Produces both AOT Inductor (.pt2) and TorchScript (.pt) formats.
"""

import json
import os

import torch
import torch.nn as nn


class ToySegmenter(nn.Module):
    def __init__(self):
        super().__init__()
        self.enc1 = nn.Sequential(
            nn.Conv2d(3, 16, 3, padding=1), nn.ReLU(),
            nn.Conv2d(16, 16, 3, padding=1), nn.ReLU(),
        )
        self.pool = nn.MaxPool2d(2)
        self.enc2 = nn.Sequential(
            nn.Conv2d(16, 32, 3, padding=1), nn.ReLU(),
            nn.Conv2d(32, 32, 3, padding=1), nn.ReLU(),
        )
        self.up = nn.Upsample(scale_factor=2, mode='bilinear', align_corners=False)
        self.dec1 = nn.Sequential(
            nn.Conv2d(48, 16, 3, padding=1), nn.ReLU(),
            nn.Conv2d(16, 16, 3, padding=1), nn.ReLU(),
        )
        self.head = nn.Conv2d(16, 1, 1)

    def forward(self, x):
        e1 = self.enc1(x)
        e2 = self.enc2(self.pool(e1))
        d1 = torch.cat([self.up(e2), e1], dim=1)
        return torch.sigmoid(self.head(self.dec1(d1)))


def main():
    output_dir = os.path.dirname(os.path.abspath(__file__))
    model = ToySegmenter()
    model.eval()

    example_input = torch.randn(1, 3, 256, 256)

    # Verify output shape
    with torch.no_grad():
        out = model(example_input)
        print(f"Output shape: {out.shape}")  # [1, 1, 256, 256]
        assert out.shape == (1, 1, 256, 256)

    # --- AOT Inductor export ---
    print("Exporting with AOT Inductor...")
    with torch.no_grad():
        exported = torch.export.export(model, (example_input,))
        pt2_path = torch._inductor.aoti_compile_and_package(
            exported,
            package_path=os.path.join(output_dir, "toy_segmenter.pt2"),
        )
    print(f"  -> {pt2_path}")

    # --- TorchScript export (fallback) ---
    print("Exporting with TorchScript...")
    with torch.no_grad():
        traced = torch.jit.trace(model, example_input)
        pt_path = os.path.join(output_dir, "toy_segmenter.pt")
        traced.save(pt_path)
    print(f"  -> {pt_path}")

    # --- JSON model spec ---
    spec = {
        "model_id": "toy_segmenter",
        "display_name": "Toy Segmenter",
        "description": "Demo model: predicts a binary mask from a video frame",
        "weights_path": "toy_segmenter.pt2",
        "inputs": [
            {
                "name": "image",
                "shape": [3, 256, 256],
                "description": "Input video frame (RGB)",
                "recommended_encoder": "ImageEncoder",
            }
        ],
        "outputs": [
            {
                "name": "mask",
                "shape": [1, 256, 256],
                "description": "Predicted segmentation probability map",
                "recommended_decoder": "TensorToMask2D",
            }
        ],
    }

    json_path = os.path.join(output_dir, "toy_segmenter.json")
    with open(json_path, "w") as f:
        json.dump(spec, f, indent=2)
    print(f"  -> {json_path}")

    print("\nDone! Files ready for Neuralyzer:")
    print(f"  Model (AOT Inductor): {pt2_path}")
    print(f"  Model (TorchScript):  {pt_path}")
    print(f"  JSON spec:            {json_path}")
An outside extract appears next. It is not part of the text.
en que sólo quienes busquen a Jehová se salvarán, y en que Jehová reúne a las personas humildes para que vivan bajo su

if __name__ == "__main__":
    main()

Troubleshooting

torch.export.export() fails

Some PyTorch operations are not yet supported by torch.export. Common issues:

  • Data-dependent control flowif tensor.item() > 0: is not allowed. Restructure to use torch.where() or similar.
  • Dynamic shapes — operations that depend on the tensor shape at runtime may need explicit Dim() annotations.

Fallback: use TorchScript export (torch.jit.trace()).
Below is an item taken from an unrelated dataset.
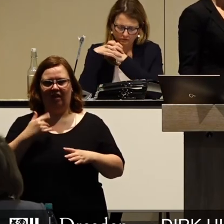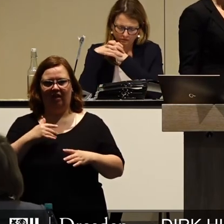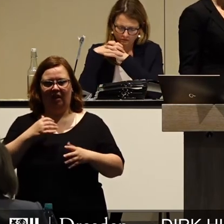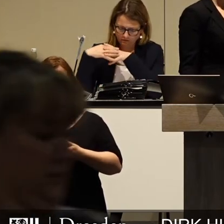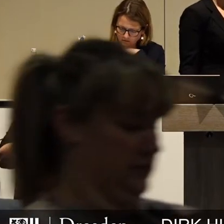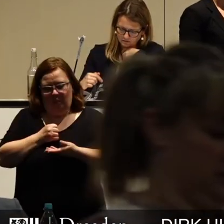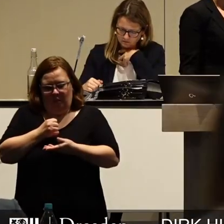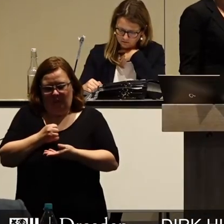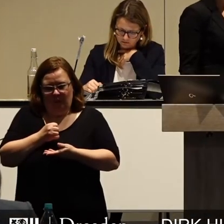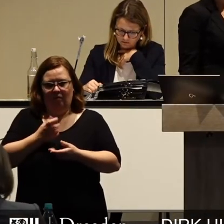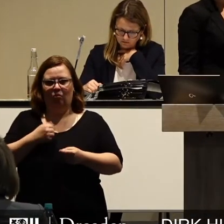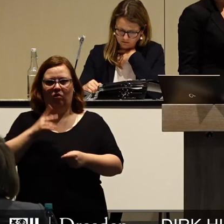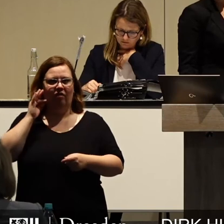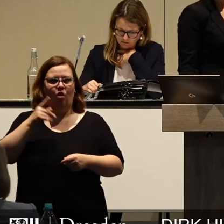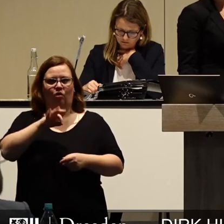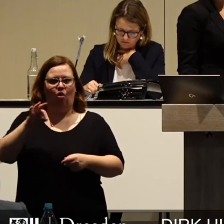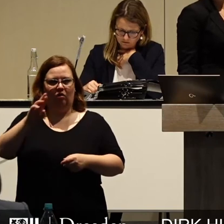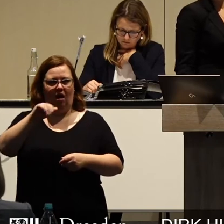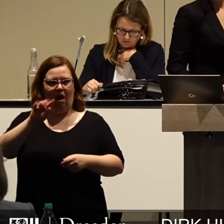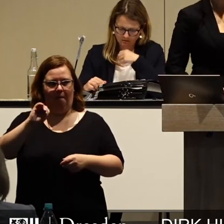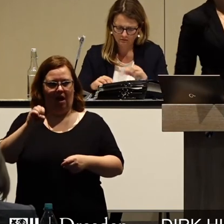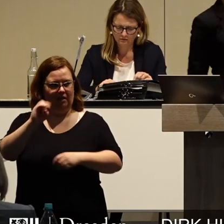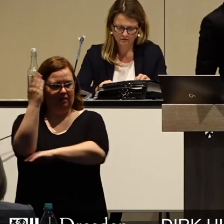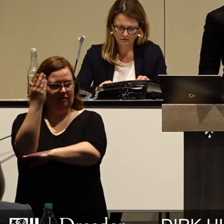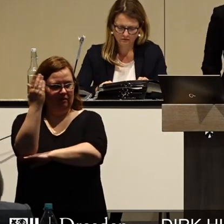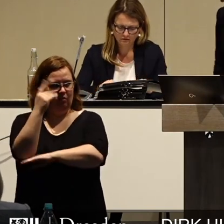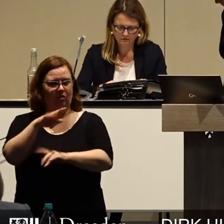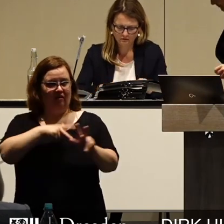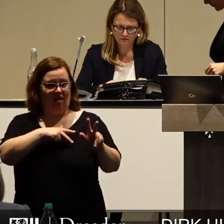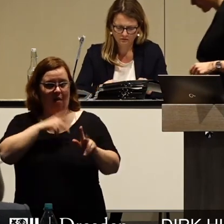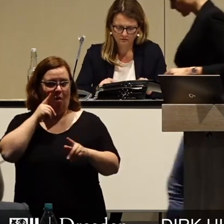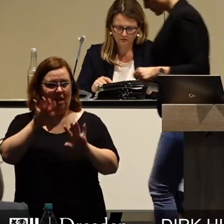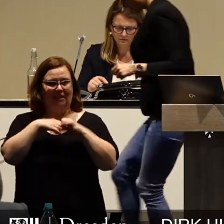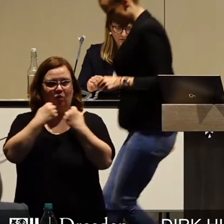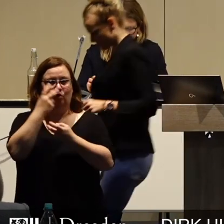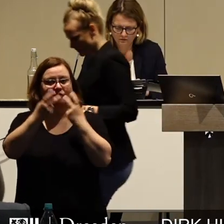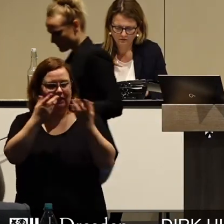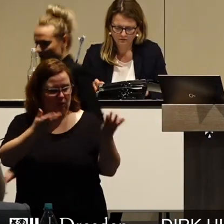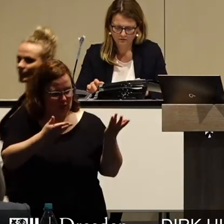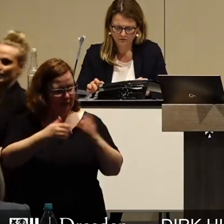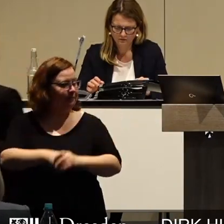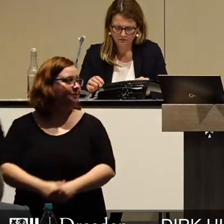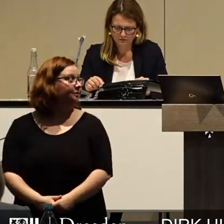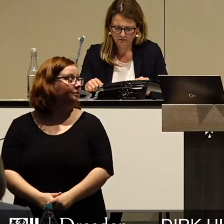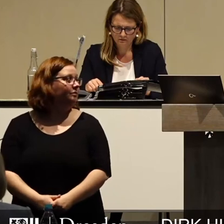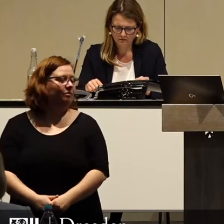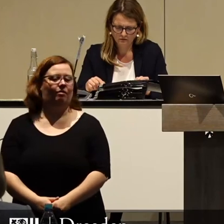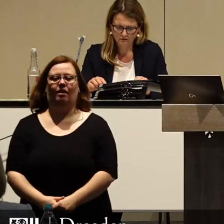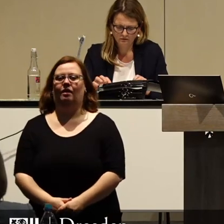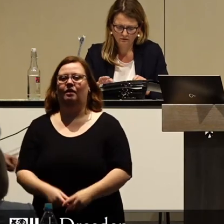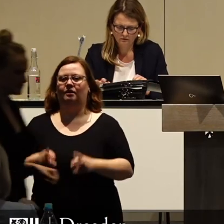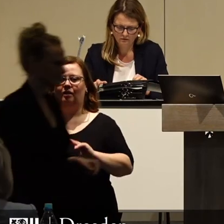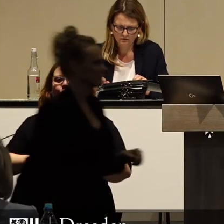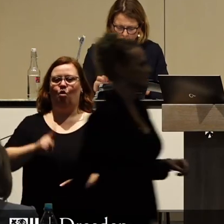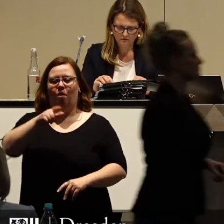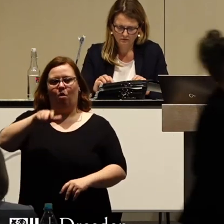Herr Dr. Lahmes einmal vortragen. Wie sieht denn tatsächlich die Lage aus? Sehr geehrter Herr

.pt2 file doesn’t load in Neuralyzer

  • Verify the libtorch version matches the PyTorch version used for export (both should be 2.9.x)
  • Check that the .pt2 was compiled for the correct device (CPU vs CUDA)
  • Check the Neuralyzer console output for error messages from AOTIModelPackageLoader

Output shape mismatch

The JSON spec’s shape field must exactly match the model’s output shape (excluding batch). Run the model in Python and print output.shape to verify.